■ WHAT IS EXPECTED
Your task is to return the listing below word for word, without any of its images.

- - - - -

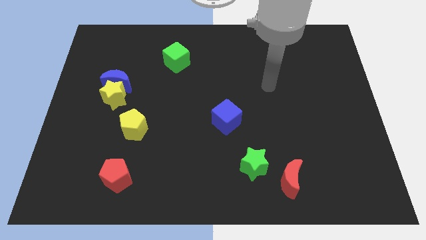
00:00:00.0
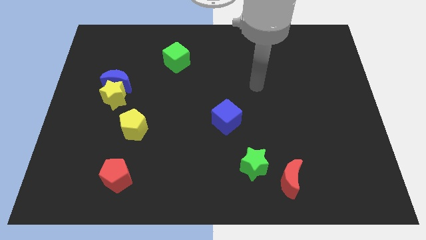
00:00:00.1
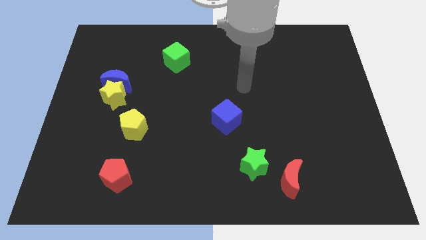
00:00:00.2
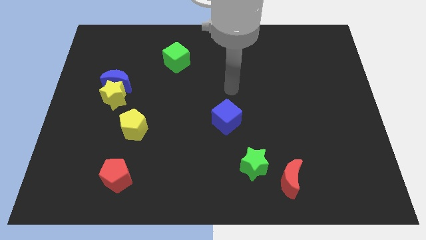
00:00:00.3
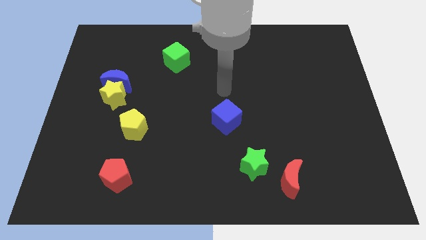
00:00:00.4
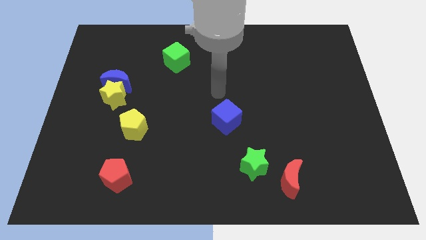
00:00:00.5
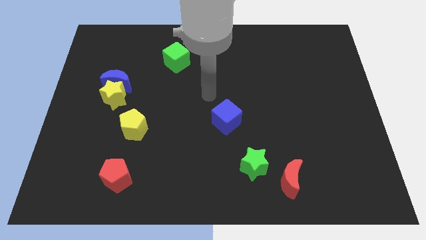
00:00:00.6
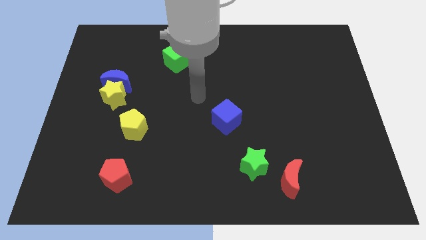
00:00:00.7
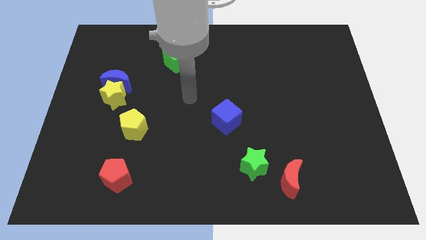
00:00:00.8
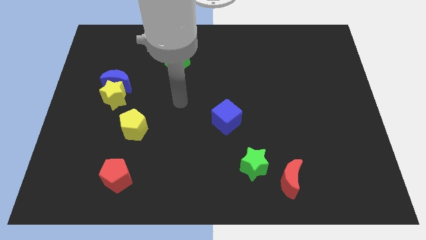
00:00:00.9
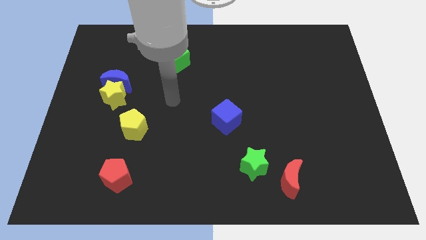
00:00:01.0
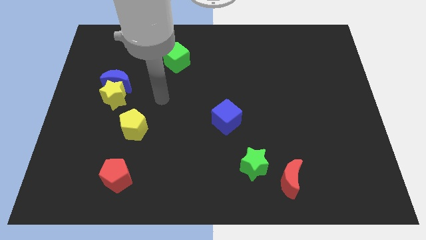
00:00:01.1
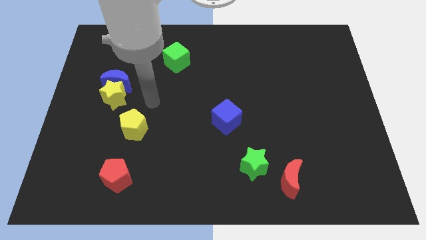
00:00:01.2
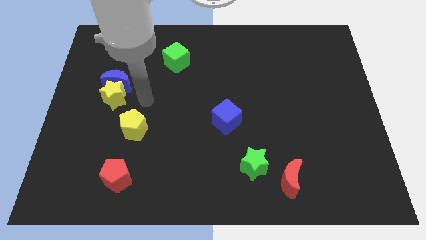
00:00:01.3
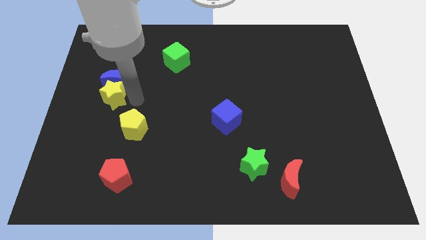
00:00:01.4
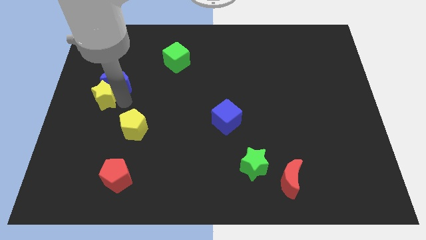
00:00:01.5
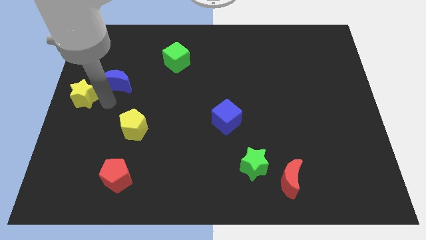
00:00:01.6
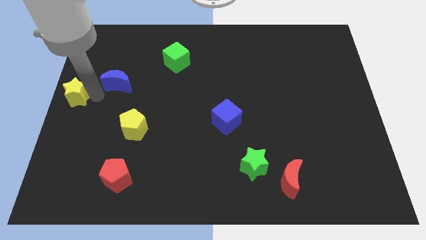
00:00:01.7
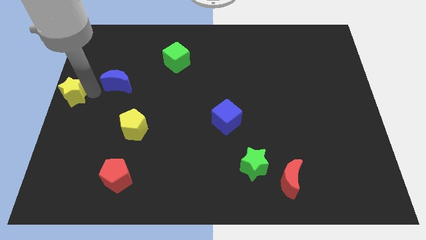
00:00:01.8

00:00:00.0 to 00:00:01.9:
pull the blue moon apart from the yellow star

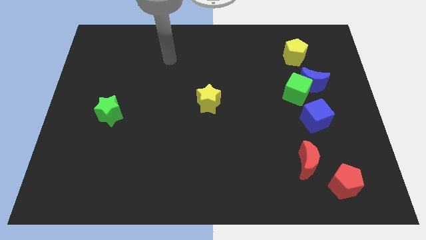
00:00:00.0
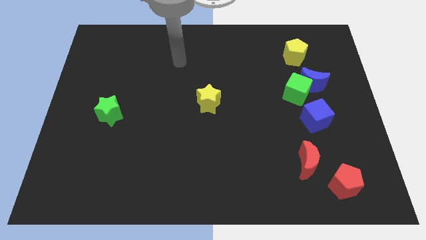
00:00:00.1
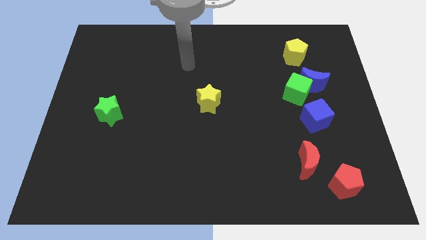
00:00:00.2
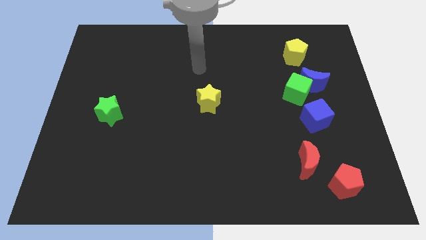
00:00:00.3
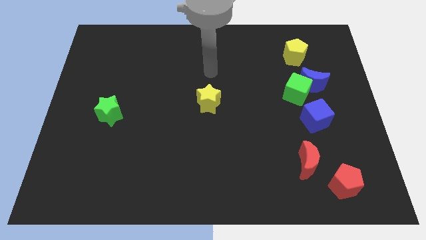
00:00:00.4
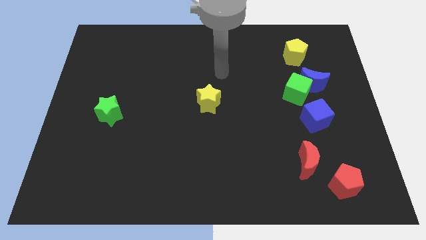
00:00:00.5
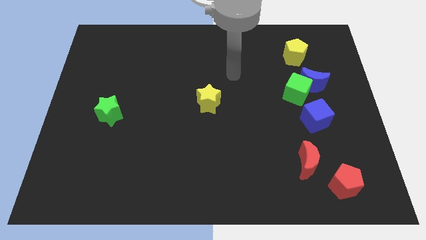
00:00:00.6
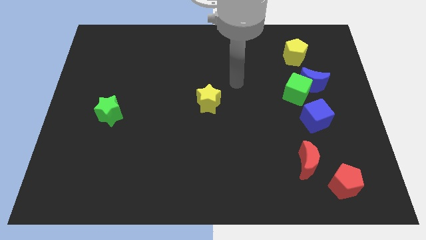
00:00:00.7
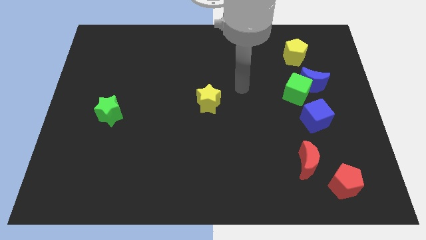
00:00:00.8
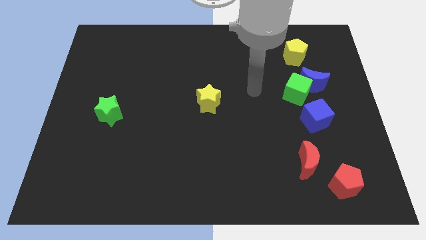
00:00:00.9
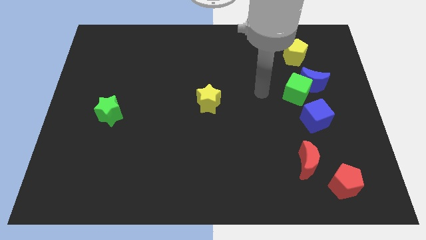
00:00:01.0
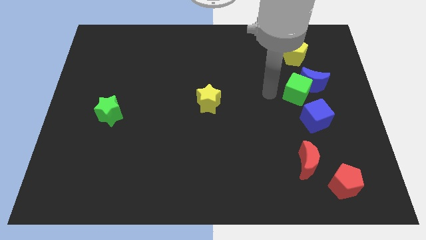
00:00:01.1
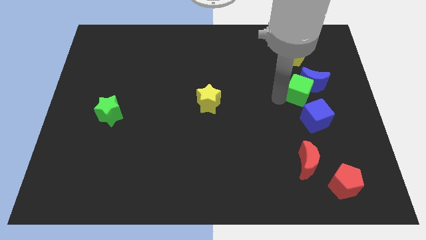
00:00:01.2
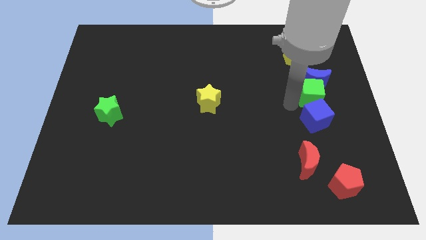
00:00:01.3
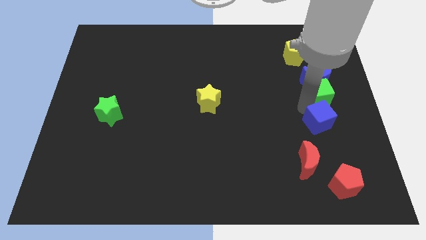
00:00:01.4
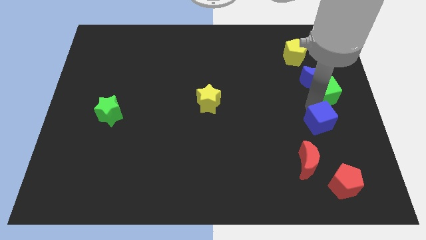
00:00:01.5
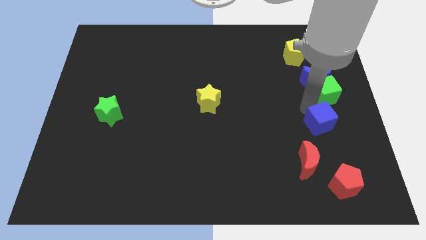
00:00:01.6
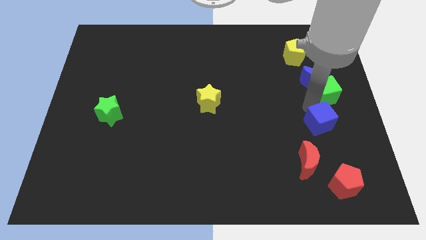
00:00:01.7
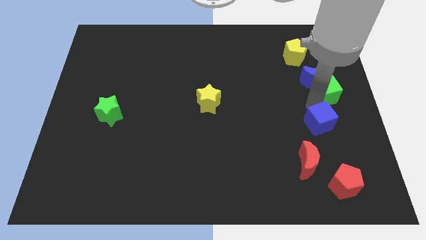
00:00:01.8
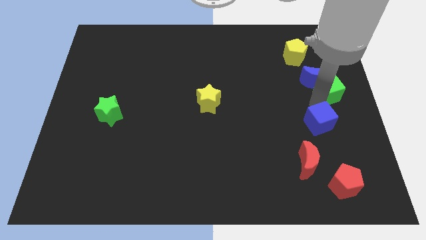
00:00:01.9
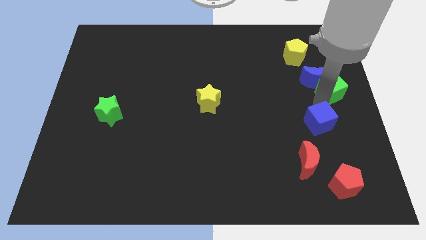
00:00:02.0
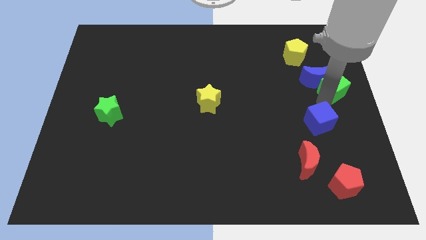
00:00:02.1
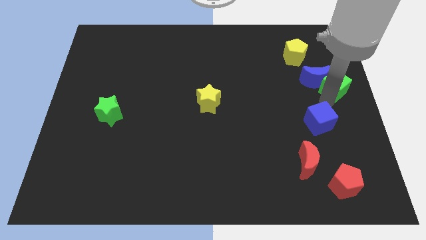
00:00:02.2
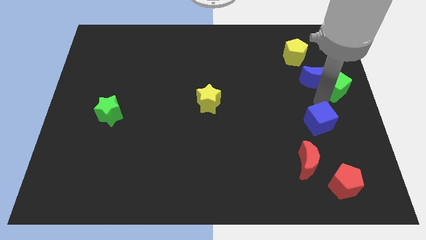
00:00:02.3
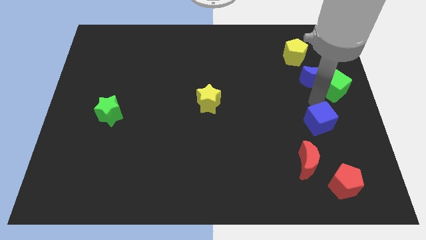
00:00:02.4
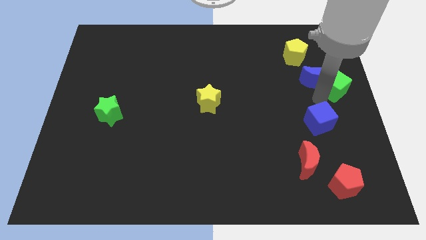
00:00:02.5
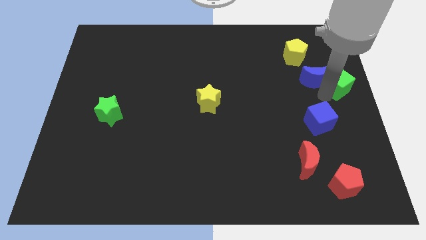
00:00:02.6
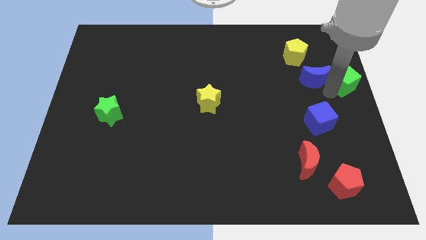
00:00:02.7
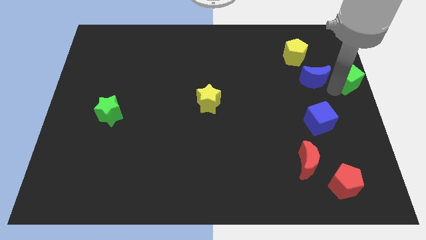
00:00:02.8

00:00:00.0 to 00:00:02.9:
move the green cube away from the blue moon and blue cube

- - - - -

■ EXERCISE SOLUTION
00:00:00.0
00:00:00.1
00:00:00.2
00:00:00.3
00:00:00.4
00:00:00.5
00:00:00.6
00:00:00.7
00:00:00.8
00:00:00.9
00:00:01.0
00:00:01.1
00:00:01.2
00:00:01.3
00:00:01.4
00:00:01.5
00:00:01.6
00:00:01.7
00:00:01.8

00:00:00.0 to 00:00:01.9:
pull the blue moon apart from the yellow star

00:00:00.0
00:00:00.1
00:00:00.2
00:00:00.3
00:00:00.4
00:00:00.5
00:00:00.6
00:00:00.7
00:00:00.8
00:00:00.9
00:00:01.0
00:00:01.1
00:00:01.2
00:00:01.3
00:00:01.4
00:00:01.5
00:00:01.6
00:00:01.7
00:00:01.8
00:00:01.9
00:00:02.0
00:00:02.1
00:00:02.2
00:00:02.3
00:00:02.4
00:00:02.5
00:00:02.6
00:00:02.7
00:00:02.8

00:00:00.0 to 00:00:02.9:
move the green cube away from the blue moon and blue cube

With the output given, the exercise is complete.